* Exercise brief *
Copy out each line of the data holding "style".

-*-

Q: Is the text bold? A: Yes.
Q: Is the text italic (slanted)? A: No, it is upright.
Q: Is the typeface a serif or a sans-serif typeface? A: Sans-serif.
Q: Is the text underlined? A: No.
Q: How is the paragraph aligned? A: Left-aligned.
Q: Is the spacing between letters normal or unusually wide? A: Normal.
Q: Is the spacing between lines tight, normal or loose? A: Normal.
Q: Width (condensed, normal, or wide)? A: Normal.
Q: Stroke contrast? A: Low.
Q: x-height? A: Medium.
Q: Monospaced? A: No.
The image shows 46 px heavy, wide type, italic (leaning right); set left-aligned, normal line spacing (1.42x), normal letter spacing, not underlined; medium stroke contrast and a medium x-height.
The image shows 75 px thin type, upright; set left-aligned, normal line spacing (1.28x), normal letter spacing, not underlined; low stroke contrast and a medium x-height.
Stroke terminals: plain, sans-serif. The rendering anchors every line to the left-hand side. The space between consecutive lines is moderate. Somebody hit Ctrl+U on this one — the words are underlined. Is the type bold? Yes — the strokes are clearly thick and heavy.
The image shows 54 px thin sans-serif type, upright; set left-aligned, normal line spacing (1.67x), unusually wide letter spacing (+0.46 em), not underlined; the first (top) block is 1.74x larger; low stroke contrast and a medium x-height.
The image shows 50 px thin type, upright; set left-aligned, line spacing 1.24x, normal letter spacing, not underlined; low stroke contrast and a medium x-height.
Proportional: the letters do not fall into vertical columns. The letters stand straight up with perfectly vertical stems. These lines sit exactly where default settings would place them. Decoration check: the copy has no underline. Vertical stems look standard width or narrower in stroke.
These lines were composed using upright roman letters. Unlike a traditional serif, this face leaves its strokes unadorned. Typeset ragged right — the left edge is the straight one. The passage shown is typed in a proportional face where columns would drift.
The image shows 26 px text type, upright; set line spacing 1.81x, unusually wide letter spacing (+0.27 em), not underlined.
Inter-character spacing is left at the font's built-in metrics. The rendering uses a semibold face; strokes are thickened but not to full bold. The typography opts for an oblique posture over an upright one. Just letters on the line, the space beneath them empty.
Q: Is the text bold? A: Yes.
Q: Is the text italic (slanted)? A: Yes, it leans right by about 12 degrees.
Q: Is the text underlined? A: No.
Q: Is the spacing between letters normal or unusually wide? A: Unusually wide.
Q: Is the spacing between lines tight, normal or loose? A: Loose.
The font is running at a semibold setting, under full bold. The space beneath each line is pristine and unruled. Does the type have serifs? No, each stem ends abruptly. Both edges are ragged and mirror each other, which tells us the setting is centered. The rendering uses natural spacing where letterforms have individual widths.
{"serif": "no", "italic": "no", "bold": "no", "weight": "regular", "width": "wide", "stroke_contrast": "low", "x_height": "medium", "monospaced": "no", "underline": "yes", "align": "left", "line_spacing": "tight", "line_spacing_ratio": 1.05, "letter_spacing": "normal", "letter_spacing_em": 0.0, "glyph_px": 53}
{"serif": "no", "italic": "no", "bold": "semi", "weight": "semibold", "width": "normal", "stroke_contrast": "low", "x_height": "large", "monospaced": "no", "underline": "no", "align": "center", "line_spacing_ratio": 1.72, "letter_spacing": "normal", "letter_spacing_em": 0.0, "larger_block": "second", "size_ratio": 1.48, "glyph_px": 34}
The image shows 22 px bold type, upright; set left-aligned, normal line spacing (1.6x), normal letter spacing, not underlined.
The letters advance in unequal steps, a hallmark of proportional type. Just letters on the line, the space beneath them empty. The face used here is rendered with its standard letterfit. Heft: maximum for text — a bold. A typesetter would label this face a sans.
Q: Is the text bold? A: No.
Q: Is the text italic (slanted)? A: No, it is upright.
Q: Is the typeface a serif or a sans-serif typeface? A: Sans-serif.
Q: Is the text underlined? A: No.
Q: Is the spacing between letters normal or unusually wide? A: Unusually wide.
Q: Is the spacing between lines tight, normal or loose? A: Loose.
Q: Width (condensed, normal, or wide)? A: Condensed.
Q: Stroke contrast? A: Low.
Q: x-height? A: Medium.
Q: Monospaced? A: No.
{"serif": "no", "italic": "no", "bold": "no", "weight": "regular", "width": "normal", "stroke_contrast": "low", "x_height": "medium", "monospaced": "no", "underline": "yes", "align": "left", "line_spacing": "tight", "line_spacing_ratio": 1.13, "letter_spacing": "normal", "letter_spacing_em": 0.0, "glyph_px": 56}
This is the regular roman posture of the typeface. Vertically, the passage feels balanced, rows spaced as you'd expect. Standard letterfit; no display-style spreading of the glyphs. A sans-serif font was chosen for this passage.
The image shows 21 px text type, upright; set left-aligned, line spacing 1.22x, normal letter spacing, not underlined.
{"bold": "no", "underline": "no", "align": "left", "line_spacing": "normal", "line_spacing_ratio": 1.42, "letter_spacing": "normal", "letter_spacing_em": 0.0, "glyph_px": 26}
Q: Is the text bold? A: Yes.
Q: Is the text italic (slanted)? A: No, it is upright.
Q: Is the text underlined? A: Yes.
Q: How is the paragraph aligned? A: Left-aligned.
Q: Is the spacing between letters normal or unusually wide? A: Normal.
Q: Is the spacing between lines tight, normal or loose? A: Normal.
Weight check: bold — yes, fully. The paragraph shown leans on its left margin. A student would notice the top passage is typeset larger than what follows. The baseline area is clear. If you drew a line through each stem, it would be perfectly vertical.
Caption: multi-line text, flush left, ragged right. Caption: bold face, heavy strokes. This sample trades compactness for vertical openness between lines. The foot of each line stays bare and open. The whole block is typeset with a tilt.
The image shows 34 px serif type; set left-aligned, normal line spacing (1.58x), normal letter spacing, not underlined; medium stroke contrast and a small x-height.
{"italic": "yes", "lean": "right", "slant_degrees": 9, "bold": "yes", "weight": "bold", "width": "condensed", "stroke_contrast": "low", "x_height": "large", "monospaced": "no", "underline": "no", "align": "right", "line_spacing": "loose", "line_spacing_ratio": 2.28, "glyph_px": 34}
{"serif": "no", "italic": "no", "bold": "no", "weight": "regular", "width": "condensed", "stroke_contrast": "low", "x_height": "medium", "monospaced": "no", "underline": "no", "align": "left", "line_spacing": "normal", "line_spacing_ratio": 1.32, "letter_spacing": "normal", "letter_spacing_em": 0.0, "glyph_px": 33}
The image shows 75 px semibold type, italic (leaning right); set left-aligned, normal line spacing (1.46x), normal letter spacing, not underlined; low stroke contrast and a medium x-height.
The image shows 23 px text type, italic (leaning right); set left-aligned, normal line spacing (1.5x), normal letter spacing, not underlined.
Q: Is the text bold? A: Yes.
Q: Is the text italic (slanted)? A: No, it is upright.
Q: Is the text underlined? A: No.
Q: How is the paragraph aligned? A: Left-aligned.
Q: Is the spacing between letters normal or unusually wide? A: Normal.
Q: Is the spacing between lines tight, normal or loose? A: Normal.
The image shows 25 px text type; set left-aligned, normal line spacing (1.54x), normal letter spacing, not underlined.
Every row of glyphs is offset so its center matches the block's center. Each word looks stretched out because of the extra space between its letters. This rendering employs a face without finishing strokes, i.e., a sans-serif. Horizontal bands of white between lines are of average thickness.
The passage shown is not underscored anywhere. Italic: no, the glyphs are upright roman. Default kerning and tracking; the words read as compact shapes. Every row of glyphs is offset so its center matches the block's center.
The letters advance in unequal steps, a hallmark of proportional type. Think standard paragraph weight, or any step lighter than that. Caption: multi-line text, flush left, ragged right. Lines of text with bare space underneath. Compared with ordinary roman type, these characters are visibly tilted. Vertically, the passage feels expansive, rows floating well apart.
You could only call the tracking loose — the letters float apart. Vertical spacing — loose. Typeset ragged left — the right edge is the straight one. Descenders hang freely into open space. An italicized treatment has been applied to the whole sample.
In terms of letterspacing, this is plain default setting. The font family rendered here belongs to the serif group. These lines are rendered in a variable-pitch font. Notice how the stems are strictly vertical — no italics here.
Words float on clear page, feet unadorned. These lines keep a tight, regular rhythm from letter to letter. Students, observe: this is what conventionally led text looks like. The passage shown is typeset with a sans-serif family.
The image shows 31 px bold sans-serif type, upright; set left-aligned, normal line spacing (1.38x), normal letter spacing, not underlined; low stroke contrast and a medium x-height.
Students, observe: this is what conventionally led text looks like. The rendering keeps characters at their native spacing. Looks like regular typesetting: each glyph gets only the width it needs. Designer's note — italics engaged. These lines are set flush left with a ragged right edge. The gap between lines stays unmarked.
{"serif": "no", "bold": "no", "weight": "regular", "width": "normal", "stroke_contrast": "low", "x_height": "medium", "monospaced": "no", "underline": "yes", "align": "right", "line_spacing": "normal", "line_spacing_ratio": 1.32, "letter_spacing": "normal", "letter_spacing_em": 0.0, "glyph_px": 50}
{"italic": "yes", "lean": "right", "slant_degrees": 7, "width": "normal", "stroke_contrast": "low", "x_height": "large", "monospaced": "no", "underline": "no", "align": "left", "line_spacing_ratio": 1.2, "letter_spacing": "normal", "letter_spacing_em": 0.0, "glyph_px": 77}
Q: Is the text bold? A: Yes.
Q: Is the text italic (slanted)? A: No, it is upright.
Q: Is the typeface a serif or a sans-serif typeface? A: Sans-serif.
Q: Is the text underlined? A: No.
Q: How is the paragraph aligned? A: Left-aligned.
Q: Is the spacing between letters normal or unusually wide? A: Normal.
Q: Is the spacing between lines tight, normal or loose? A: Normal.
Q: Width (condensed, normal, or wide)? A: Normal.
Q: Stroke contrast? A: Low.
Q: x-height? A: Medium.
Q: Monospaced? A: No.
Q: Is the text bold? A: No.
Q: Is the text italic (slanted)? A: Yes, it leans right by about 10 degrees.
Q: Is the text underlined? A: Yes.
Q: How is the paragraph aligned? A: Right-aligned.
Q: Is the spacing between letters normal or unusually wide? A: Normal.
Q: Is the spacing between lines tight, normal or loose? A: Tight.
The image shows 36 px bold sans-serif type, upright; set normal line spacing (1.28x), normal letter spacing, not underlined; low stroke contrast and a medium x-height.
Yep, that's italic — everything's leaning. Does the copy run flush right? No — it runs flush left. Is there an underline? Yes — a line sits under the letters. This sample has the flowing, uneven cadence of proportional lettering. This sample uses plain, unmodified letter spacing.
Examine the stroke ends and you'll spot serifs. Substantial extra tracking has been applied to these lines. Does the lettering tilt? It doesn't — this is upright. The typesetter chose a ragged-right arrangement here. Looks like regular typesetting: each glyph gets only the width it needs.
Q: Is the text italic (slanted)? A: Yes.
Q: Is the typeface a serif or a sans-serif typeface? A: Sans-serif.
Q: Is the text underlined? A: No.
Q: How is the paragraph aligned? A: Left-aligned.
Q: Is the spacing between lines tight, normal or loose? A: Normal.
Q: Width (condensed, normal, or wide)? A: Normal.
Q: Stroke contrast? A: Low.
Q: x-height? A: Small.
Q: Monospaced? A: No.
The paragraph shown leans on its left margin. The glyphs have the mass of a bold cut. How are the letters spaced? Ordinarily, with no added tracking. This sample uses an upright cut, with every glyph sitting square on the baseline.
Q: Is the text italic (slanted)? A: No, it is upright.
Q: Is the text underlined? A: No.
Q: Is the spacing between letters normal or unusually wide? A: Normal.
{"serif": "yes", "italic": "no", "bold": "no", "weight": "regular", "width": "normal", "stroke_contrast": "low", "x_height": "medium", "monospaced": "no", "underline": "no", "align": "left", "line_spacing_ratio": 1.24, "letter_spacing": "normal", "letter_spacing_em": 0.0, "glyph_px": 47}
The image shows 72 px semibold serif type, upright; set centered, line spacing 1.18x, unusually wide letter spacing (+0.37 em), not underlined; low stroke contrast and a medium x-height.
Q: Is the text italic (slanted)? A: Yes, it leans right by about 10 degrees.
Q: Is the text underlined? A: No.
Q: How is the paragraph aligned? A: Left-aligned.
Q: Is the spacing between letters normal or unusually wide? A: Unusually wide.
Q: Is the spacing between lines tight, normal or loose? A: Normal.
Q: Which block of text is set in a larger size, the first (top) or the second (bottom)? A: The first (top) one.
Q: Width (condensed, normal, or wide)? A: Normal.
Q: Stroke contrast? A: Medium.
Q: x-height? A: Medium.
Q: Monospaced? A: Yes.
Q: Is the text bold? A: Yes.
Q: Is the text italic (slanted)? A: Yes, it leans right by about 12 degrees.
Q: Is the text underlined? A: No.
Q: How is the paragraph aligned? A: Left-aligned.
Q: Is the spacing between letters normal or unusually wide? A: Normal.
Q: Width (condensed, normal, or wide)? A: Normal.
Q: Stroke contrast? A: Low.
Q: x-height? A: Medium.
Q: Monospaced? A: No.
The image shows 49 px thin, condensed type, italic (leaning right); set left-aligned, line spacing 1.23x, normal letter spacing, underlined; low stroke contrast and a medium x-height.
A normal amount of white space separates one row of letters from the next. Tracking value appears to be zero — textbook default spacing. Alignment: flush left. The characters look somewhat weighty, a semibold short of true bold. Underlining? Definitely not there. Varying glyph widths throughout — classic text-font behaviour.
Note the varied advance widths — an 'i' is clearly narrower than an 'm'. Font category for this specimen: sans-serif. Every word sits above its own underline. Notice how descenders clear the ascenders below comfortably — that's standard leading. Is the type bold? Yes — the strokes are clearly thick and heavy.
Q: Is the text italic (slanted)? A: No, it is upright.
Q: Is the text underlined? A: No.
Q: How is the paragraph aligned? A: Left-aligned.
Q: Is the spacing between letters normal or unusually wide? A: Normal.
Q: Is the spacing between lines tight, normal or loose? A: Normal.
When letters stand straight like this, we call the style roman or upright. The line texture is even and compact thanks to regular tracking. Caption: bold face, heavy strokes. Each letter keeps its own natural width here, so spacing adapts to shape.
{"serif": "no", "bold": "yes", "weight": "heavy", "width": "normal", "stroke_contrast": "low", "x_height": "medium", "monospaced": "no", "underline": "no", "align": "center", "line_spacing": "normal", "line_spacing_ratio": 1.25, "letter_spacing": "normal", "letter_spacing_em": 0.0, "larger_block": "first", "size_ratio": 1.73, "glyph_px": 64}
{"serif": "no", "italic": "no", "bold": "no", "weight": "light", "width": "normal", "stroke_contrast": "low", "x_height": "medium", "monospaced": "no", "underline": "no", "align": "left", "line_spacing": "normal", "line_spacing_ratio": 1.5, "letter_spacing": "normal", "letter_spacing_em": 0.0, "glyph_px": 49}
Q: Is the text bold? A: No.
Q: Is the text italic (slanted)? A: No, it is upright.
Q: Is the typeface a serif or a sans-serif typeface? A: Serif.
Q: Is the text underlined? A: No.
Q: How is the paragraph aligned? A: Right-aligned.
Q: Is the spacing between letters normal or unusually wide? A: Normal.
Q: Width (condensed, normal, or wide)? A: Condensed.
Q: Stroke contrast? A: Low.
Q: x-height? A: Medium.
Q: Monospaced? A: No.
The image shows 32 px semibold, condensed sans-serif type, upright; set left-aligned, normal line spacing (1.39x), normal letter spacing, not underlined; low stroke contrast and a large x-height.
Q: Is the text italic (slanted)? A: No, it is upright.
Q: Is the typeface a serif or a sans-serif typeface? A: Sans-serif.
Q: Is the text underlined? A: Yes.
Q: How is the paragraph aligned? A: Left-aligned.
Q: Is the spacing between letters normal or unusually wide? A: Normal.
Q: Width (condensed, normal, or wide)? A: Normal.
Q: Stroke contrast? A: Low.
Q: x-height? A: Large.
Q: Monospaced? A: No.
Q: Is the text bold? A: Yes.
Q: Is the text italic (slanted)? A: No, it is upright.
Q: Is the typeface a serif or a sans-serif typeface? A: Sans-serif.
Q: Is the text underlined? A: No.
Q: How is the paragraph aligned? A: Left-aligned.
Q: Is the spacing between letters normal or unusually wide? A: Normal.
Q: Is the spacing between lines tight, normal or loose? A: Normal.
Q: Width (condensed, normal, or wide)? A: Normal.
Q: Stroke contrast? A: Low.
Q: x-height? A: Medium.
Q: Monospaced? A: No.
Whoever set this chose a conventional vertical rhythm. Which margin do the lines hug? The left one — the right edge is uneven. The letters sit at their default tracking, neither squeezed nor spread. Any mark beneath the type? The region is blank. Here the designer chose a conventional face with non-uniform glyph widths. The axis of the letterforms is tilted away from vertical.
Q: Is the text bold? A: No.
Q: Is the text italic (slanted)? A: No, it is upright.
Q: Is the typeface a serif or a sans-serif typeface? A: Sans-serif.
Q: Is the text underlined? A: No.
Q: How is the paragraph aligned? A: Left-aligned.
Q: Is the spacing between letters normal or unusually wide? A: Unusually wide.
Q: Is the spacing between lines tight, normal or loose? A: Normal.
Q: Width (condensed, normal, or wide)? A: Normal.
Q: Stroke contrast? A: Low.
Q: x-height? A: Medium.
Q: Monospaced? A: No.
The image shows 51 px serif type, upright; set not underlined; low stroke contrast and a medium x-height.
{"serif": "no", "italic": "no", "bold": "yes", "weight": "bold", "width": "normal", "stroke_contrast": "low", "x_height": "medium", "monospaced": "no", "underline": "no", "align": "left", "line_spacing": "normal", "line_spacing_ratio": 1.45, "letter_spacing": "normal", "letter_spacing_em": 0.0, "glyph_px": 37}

-*-

* Task solution *
This is the regular roman posture of the typeface. Vertically, the passage feels balanced, rows spaced as you'd expect. Standard letterfit; no display-style spreading of the glyphs. A sans-serif font was chosen for this passage.
When letters stand straight like this, we call the style roman or upright. The line texture is even and compact thanks to regular tracking. Caption: bold face, heavy strokes. Each letter keeps its own natural width here, so spacing adapts to shape.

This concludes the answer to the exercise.